Friday, June 29, 2012

Texas Republicans: Thinking is Bad?

I don't usually spend a lot of time reading the Democratic or Republican party platforms in states across the Great US of A, but the Texas Republican platform is getting a lot of attention this week.

The education plank in particular is inspiring a lot of critical thinking. That's because the plank calls for a ban on critical thinking in public school education.

Sometimes, politicians have
um, interesting educational ideas.  
Some updates coming through indicate this is all a mistake, that the Texas Republicans didn't actually want the ban on critical thinking on their platform. It got there by accident, according to Talking Points Memo.  I'm not sure how you accidentally do something like that, but these things do happen. And the fact that some people hate critical thinking is really worrisome.

Here's what the platform said:

"Knowledge-Based Education – We oppose the teaching of Higher Order Thinking Skills (HOTS) (values clarification), critical thinking skills and similar programs that are simply a relabeling of Outcome-Based Education (OBE) (mastery learning) which focus on behavior modification and have the purpose of challenging the student’s fixed beliefs and undermining parental authority."

Maybe I'm misunderstanding it all here, but isn't critical thinking part of life?
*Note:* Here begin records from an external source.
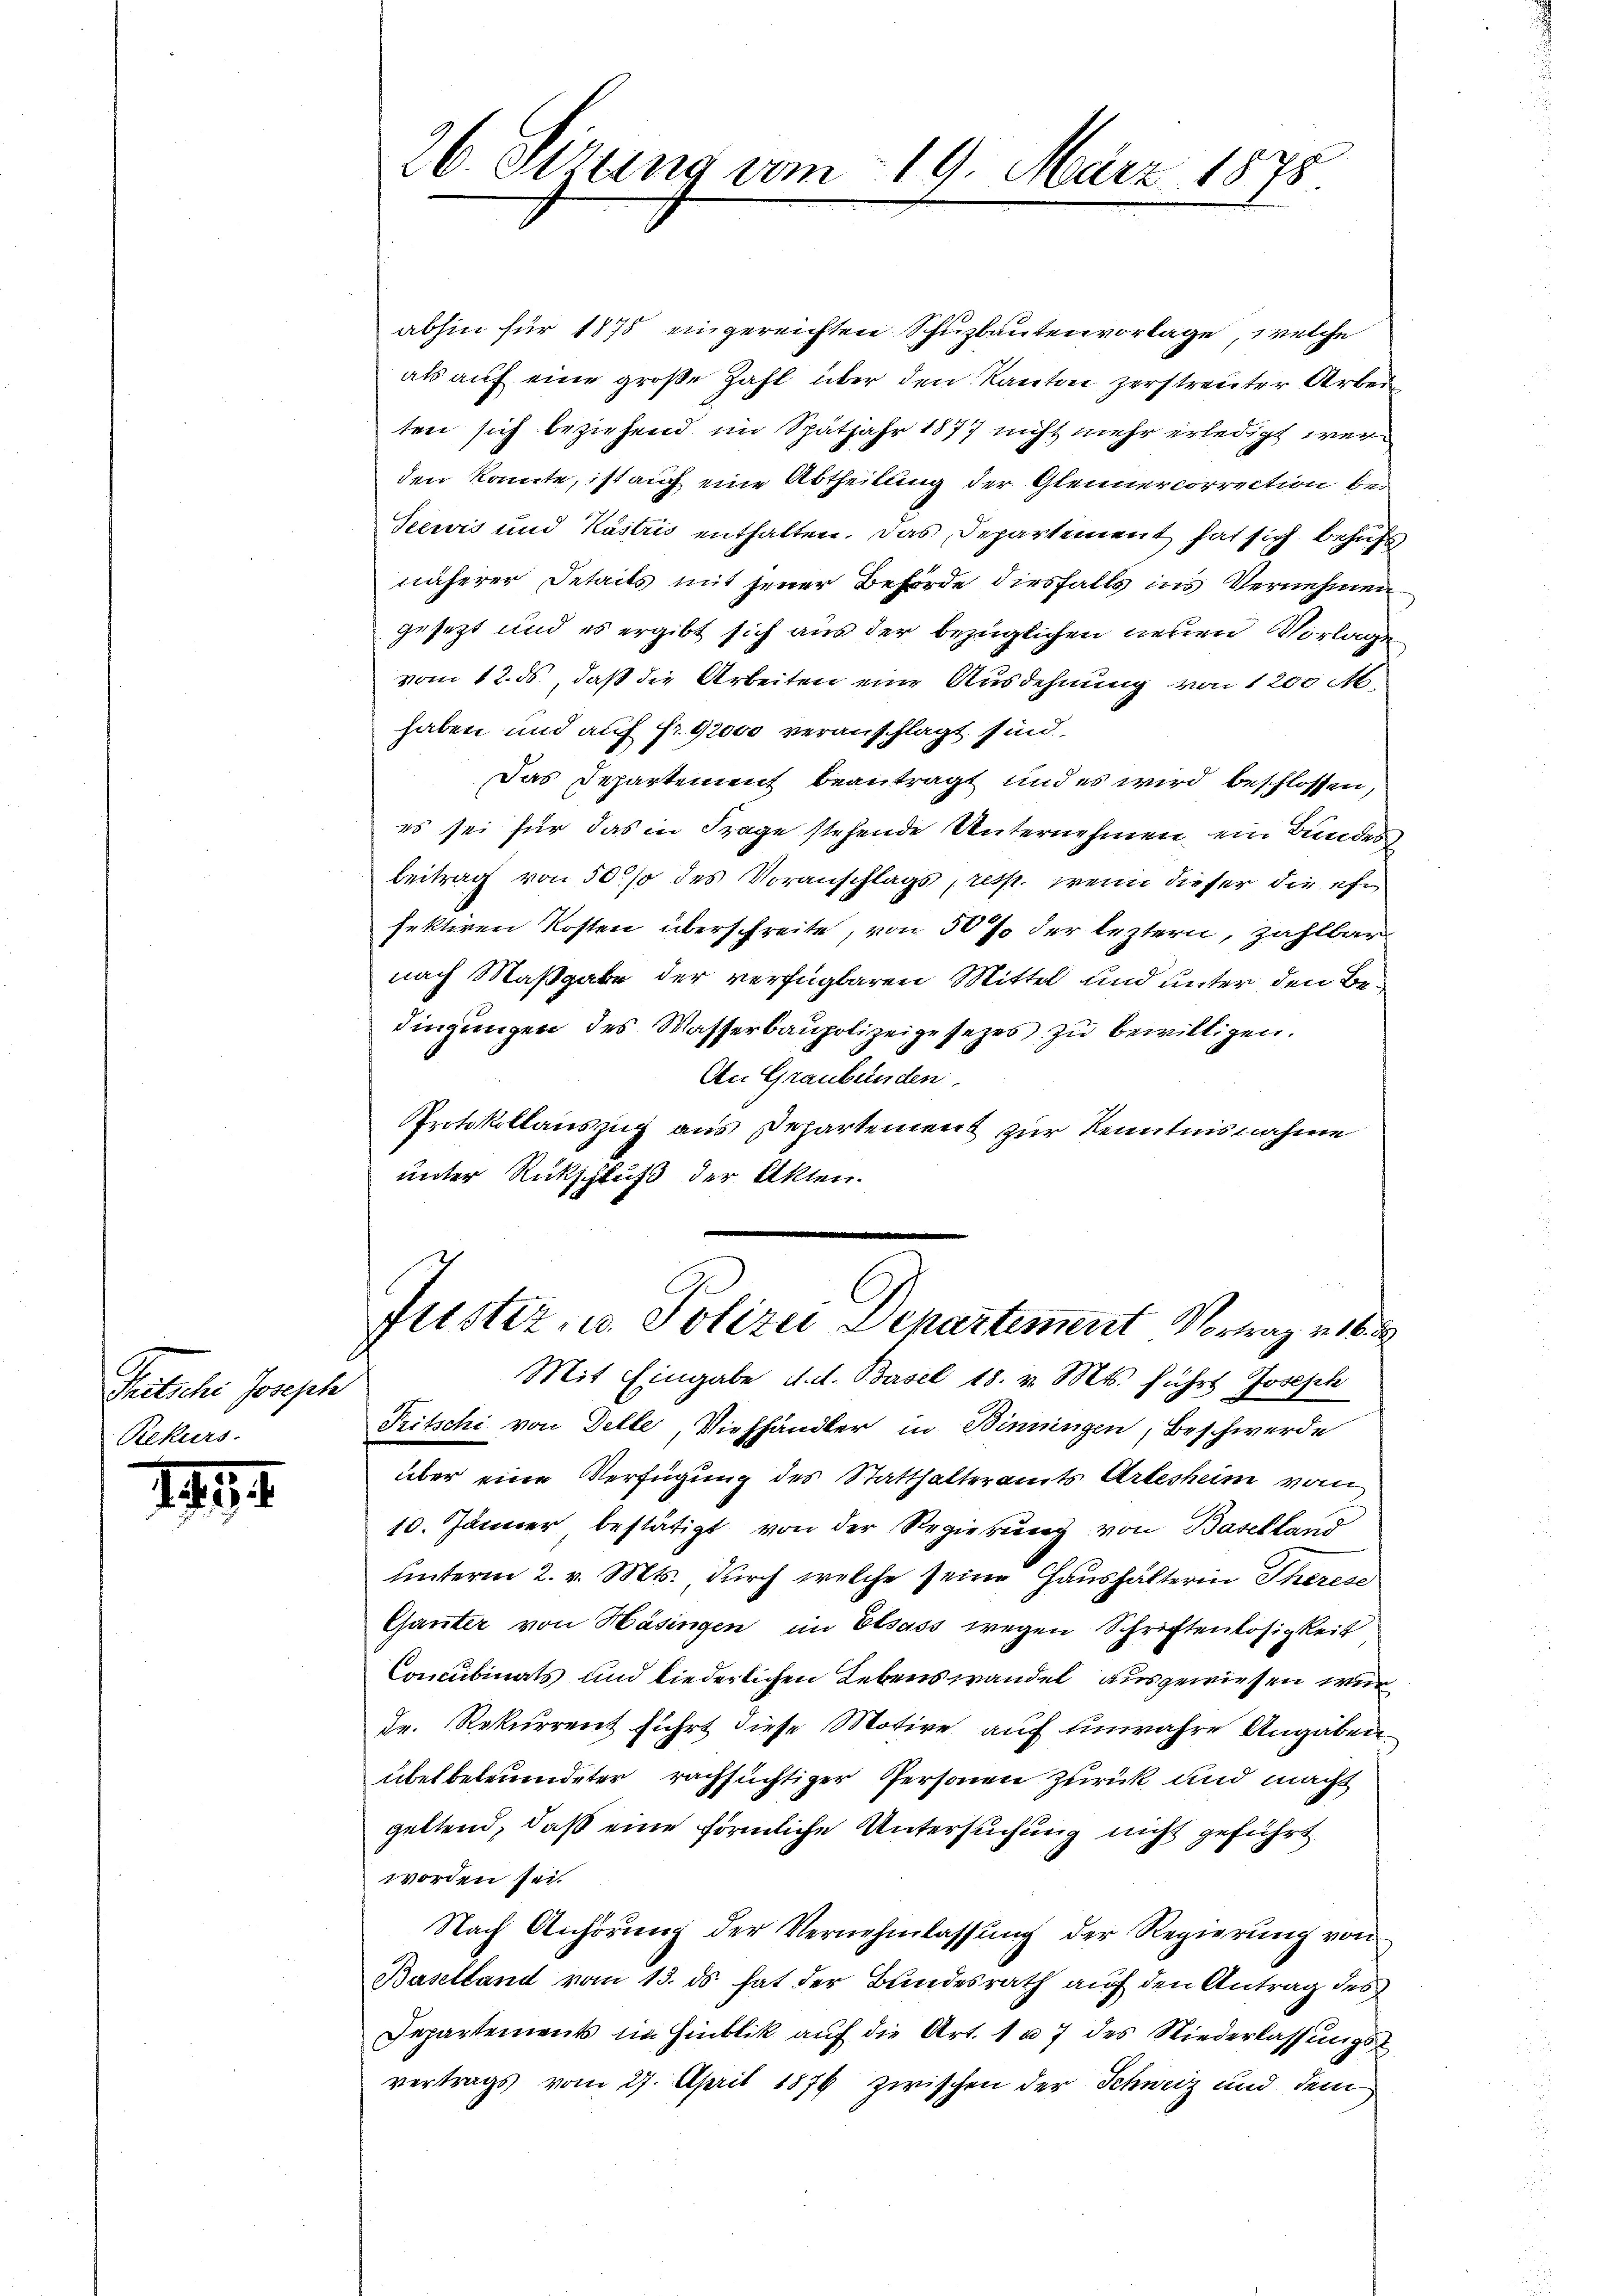
Peitschi Joseph
Rekurs

194

26. Situng vom 19. März 1875.

abhin für 1875 eingereichten Schuzbautenvorlage, welche
als auf eine große Zahl über den Kanton zerstreuter Arbeiten sich beziehend im Spätjahr 1877 nicht mehr erledigt werden konnte, ist auf eine Abtheilung der Gleinercorrection bei
Seewis und Kastris enthalten. Das Departement hat sich behufs
näherer Detaits mit jener Behörde diesfalls ins Vernehmen
gesezt und es ergibt sich aus der bezüglichen neuen Vorlage
vom 12. ds., daß die Arbeiten eine Ausdehnung von 1200 M.
haben und auf fr. 9000 veranschlagt sind,
Das Departement beantragt und es wird beschlossen,
es sei für das in Frage stehende Unternehmen, ein Bundes
beitrag von 50 % des Voranschlags, resp. wenn dieser die ehe
fektiren Kosten überschreite, von 50 % der leztern, zahlbar
nach Maßgabe der verfügbaren Mittel und unter den Bedingungen des Wasserbaupolizeigesezes zu bewilligen.
An Graubünden.
Protokollauszug aus Departement zur Kenntnisnahme
unter Rückschluß der Akten.
Justiz, u. Polizei Departement Vortrag v. 16.
Mit Eingabe d. d. Basel 18. v. Mts. fuhrs Joseph
Tritschi von Delle, Viehhändler in Binningen, Beschwerde
über eine Verfügung des Statthalteramts Arlesheim vom
10. Jänner bestätigt von der Regierung von Baselland
unterm 2. v. Mts. durch welche seine Haushalterin Theress
Ganter von Häsingen im Elsass wegen Schriftenlosigkeit
Concubinats und liederlichen Lebenswandel ausgewiesen wur¬
Dr. Rekurrent führt diese Motive auf unwahre Angaben
übetbeleumdeter rachsüchtiger Personen zurück und macht
geltend, daß eine förmliche Untersuchung nicht geführt
worden sei.
Nach Anhörŭng der Vernehmlassŭng der Regierŭng von
Baselland vom 13. ds hat der Bundesrath auf den Antrag des
Departements im Hinblik auf die Art. 1 u. 7 des Niederlassungs
vertrags vom 27. April 1876 zwischen der Schweiz und dem

We don't go through life by rote, just doing exactly what we always have, because the situation always changes. Taken to its logical extreme, if I avoided critical thinking, I wouldn't put a coat on during a December cold wave because I didn't wear one in July. 
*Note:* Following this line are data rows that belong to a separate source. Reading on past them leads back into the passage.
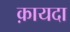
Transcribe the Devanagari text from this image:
क़ायदा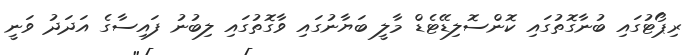
ރިޕޯޓުގައި ބުނާގޮތުގައި ކޮންސޮލިޑޭޓެޑް މާލީ ބަޔާނުގައި ވާގޮތުގައި ލިބުނު ފައިސާގެ އަދަދު ވަނީ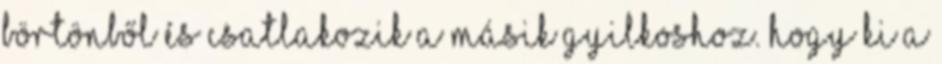
börtönből és csatlakozik a másik gyilkoshoz. Hogy ki a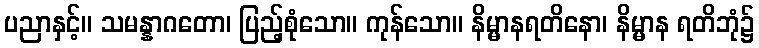
ပညာနှင့်။ သမန္နာဂတော၊ ပြည့်စုံသော။ ကုန်သော။ နိမ္မာနရတိနော၊ နိမ္မာန ရတိဘုံ၌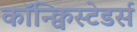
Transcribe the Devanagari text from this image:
कॉन्क्विस्टेडर्स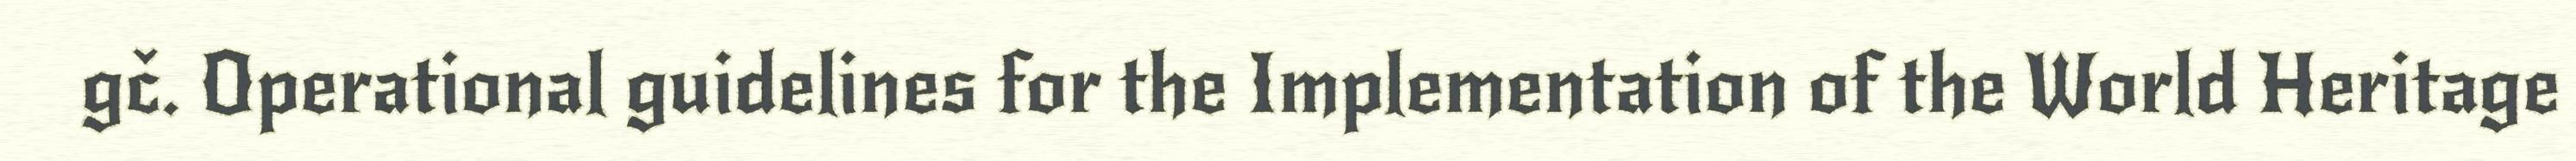
gč. Operational guidelines for the Implementation of the World Heritage
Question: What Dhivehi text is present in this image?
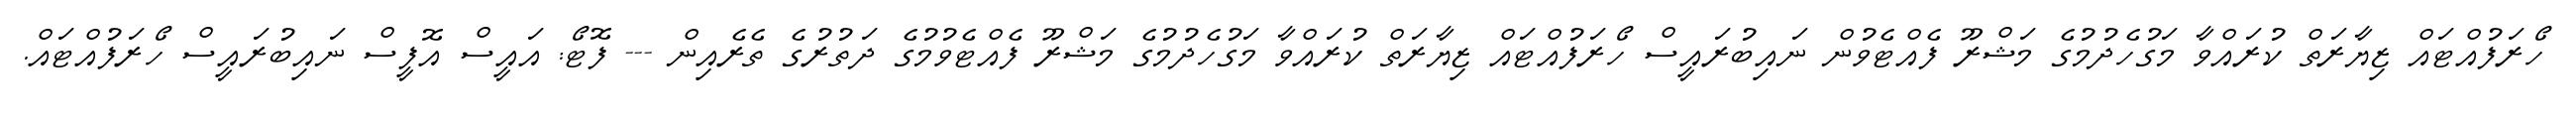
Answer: ހޯރަފުއްޓައް ޒިޔާރަތް ކުރައްވާ މަގުހެދުމުގެ މަޝްރޫ ފެއްޓެވުން ނައިބުރައީސް ހޯރަފުއްޓައް ޒިޔާރަތް ކުރައްވާ މަގުހެދުމުގެ މަޝްރޫ ފެއްޓެވުމުގެ ދަތުރުގެ ތެރެއިން --- ފޮޓޯ: އައީސް އޮފީސް ނައިބުރައީސް ހޯރަފުއްޓައް.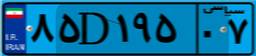
۹۲D۹۱۴۸۹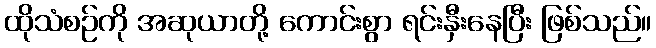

Why make a decision based on changing conditions?

I see the people who wrote this thing worry that critical thinking would challenge the students fixed beliefs.  In some cases, shouldn't some, but not all of people's fixed beliefs change? 

Again, taken to its logical, weird conclusion, a kid who believes in the Easter Bunny at age three should continue to do so throughout life? Our beliefs inevitably change when we're confronted with new evidence. Should students not be exposed to any new evidence about anything, anywhere?
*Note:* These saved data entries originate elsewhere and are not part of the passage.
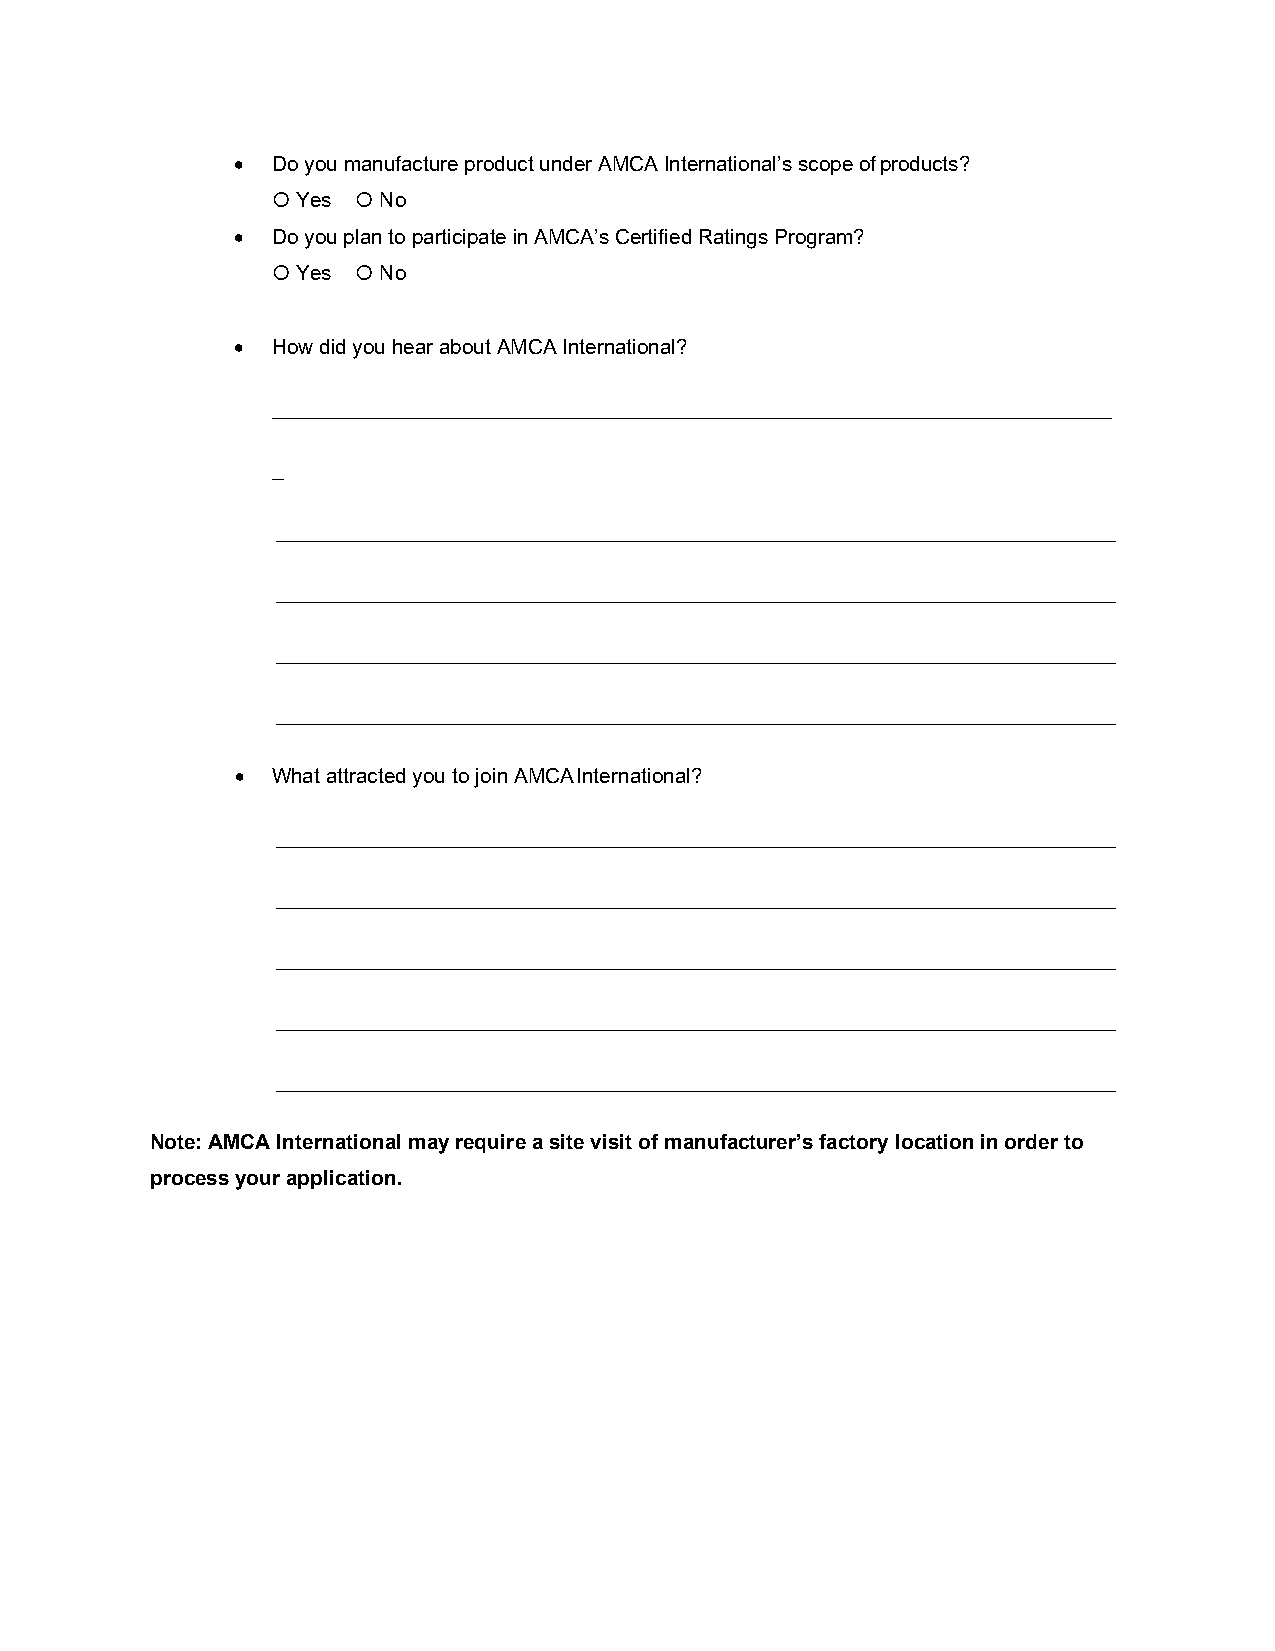
• Do you manufacture product under AMCA International’s scope of products?
 Yes   No
 • Do you plan to participate in AMCA’s Certified Ratings Program?
 Yes   No
 • How did you hear about AMCA International?
 _________________________________________________________________________
 _
 _________________________________________________________________________
 _________________________________________________________________________
 _________________________________________________________________________
 _________________________________________________________________________
 • What attracted you to join AMCA International?
 _________________________________________________________________________
 _________________________________________________________________________
 _________________________________________________________________________
 _________________________________________________________________________
 _________________________________________________________________________
 Note: AMCA International may require a site visit of manufacturer’s factory location in order to
 process your application.

I wonder if the Republicans who wrote this are conflating critical thinking with rebellion. Critical thinking to me means you examine what you believe, and if it makes sense, it reinforces, not diminishes your beliefs.

And if it doesn't make sense, you make some adjustments.

True, nobody wants kids demanding WHY???  to every simple instruction.  But to stay competitive in the world, don't we want people to think through things, to figure out how problems develop and how to fix them.

A sure path to failure is to say, "But that's the way we've always done things."

Or do we want a society that has everybody just working menial jobs?  Because anything that takes skill means whoever's doing the task has to think critically.

The Texas education platform isn't the only oddball educational ideae floating out there. Politicians are always offering up novel solutions to education shortcomings.

A doozy came out of New Hampshire recently. According to the Laconia Daily Sun, a state legislator named Bob Kingsbury said a relatively high crime rate in Laconia is because they've instituted kindergarten, which takes kids away from their mothers too soon. 

Kingsbury said the crime rate would further be reduced if gun ownership went up and schools offered boxing classes and organized boxing as a school sport.

Also, some private schools, especially those run by Christian fundamentalists, say evolution is a myth. They cite the Loch Ness Monster as "proof" that dinosaurs coexist with us, so therefore, there was no evolution. 

It all makes you want to go home and put on a dunce cap.